Słowo#82 Odpowiedź czy rozwiązanie?

[15 czerwca 2023, Dzień Wiatru]

Pewien zakonnik udał się do mędrca- pustelnika po radę. Miał ostatnio tak wiele wątpliwości i pytań, że bał się, że jego wiara chwieje się w posadach i legnie w gruzach, a on sam porzuci swoje zakonne życie. Dręczyły go pokusy, z którymi nie mógł sobie poradzić. Mędrzec go wysłuchał i zaprosił na spacer po lesie. Powiedział, że odpowiedź znajdzie obserwując las.

Zakonnik zaintrygowany wstał i poszedł razem z pustelnikiem ścieżką w głąb lasu. Rozglądał się dookoła. Obaj milczeli. Zakonnik zirytowany ciszą i tym, że nie widzi niczego nadzwyczajnego w lesie, po godzinie wędrówki zaczął się dopytywać, czy pustelnik udzieli mu jakichś wyjaśnień.

Mędrzec zatrzymał się wskazał na jedno z wysokich drzew kołyszących się na wietrze.

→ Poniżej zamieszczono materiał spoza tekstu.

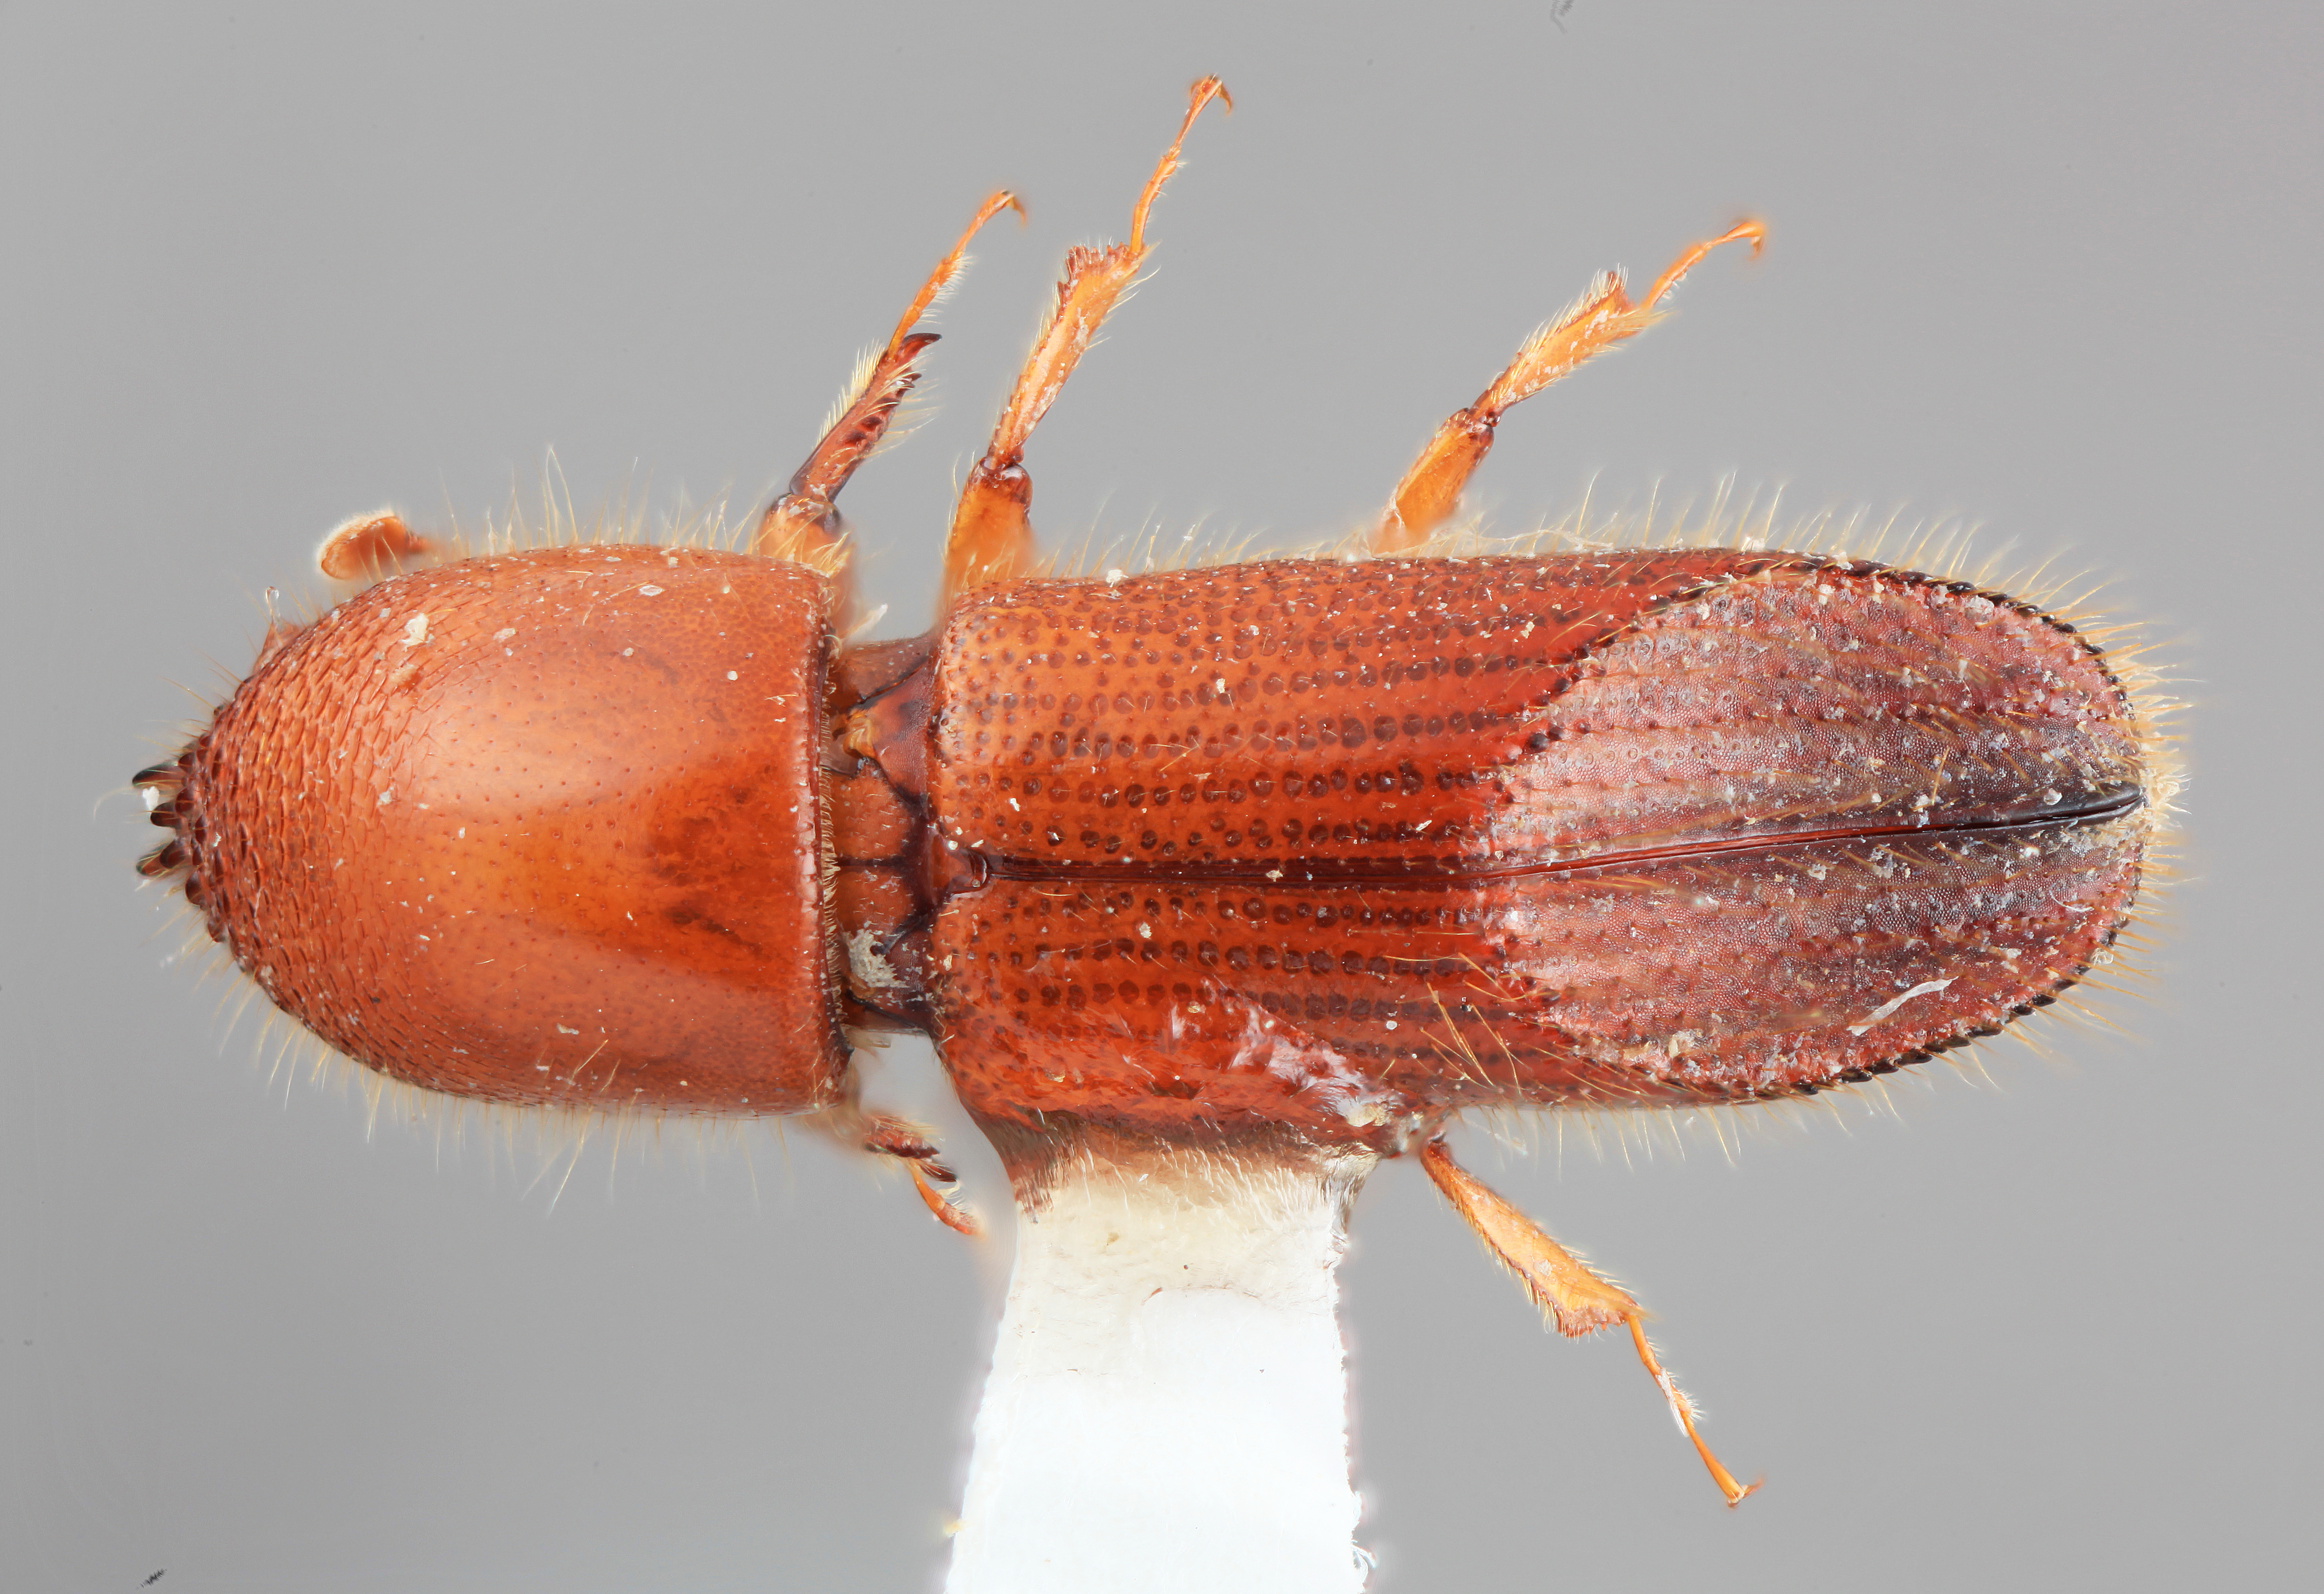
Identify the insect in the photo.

– Co widzisz?- zapytał zakonnika.
– Wysokie drzewo, które kołysze się pod wpływem wiatru.
– I to właśnie jest twoja odpowiedź, której szukałeś.
– Nie rozumiem- odparł zakonnik.

– Ty i twoja wiara jesteście jak to drzewo. Rośniesz, pniesz się w górę. Im wyżej rośniesz, tym zdawałoby się większe podmuchy wiatru tobą kołyszą. Spójrz jednak niżej. Na korzenie, na dolne partie drzewa. Ono nie łamie się, nie upada, dlatego, że jest wrośnięte głęboko w ziemię, mocno zakorzenione i osadzone w glebie. Taka jest wiara w twoim sercu. To co robisz w tej chwili to patrzysz zanadto na koronę, która się chwieje, a umykają ci korzenie i dolne partie pnia. Skup się bardziej na podstawie, niż obserwowaniu tego, co w twoim życiu zdaje się chwiać i wytrącać cię z równowagi duchowej.

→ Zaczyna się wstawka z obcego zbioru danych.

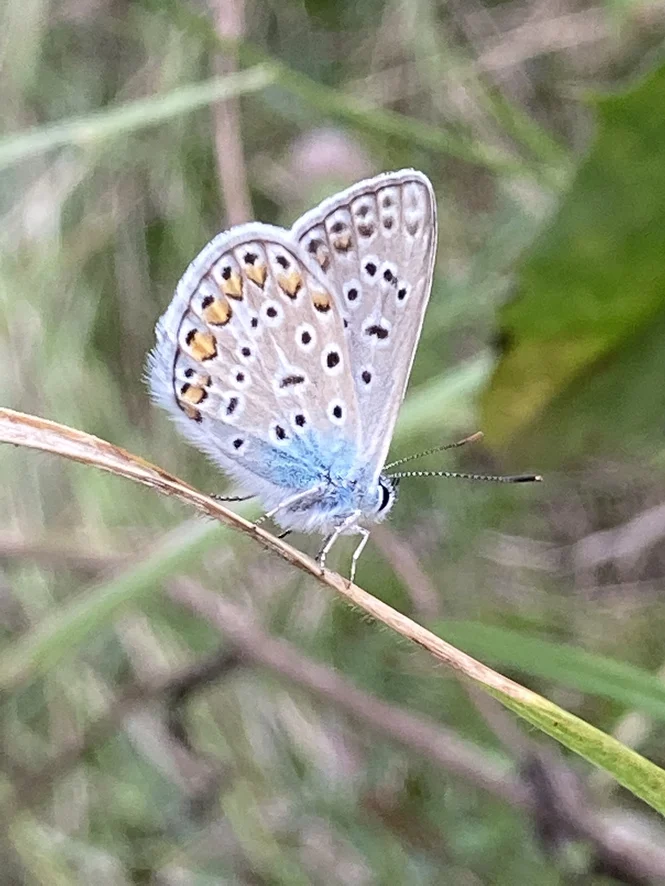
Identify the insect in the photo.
Polyommatus icarus
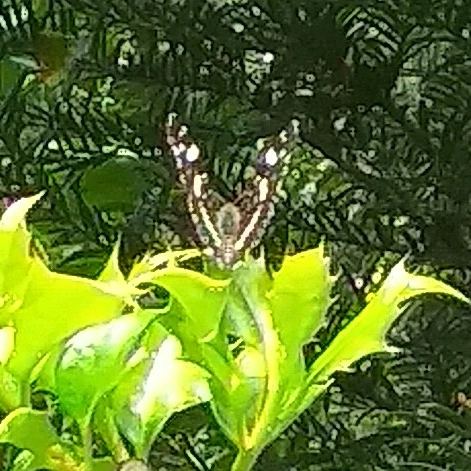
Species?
Araschnia levana

– Ojcze! To wszystko jest takie mądre i pięknie brzmi. Ale jak mam to zrobić?
– Tego nie wiem. Przyszedłeś po odpowiedź. Dostałeś ją. Jednak odpowiednie dla siebie rozwiązanie musisz znaleźć sam.

Zakonnik wrócił do swojego miejsca zamieszkania skonsternowany i pełen obaw, że nie poradzi sobie z chwiejącą się wiarą, pokusami i wątpliwościami, które nim targają. Wciąż zastanawiał się nad, jak mu się wydawało bezczelną odpowiedzią mędrca.

Jednak słowa o tym, że dostał odpowiedź, a rozwiązanie ma znaleźć sam, tak bardzo go uwierały, że codziennie zastanawiał się, co starzec miał na myśli. Analizował, szukał w swoim umyśle, prosił Boga o odpowiedź i długi czas spędzał na modlitwie.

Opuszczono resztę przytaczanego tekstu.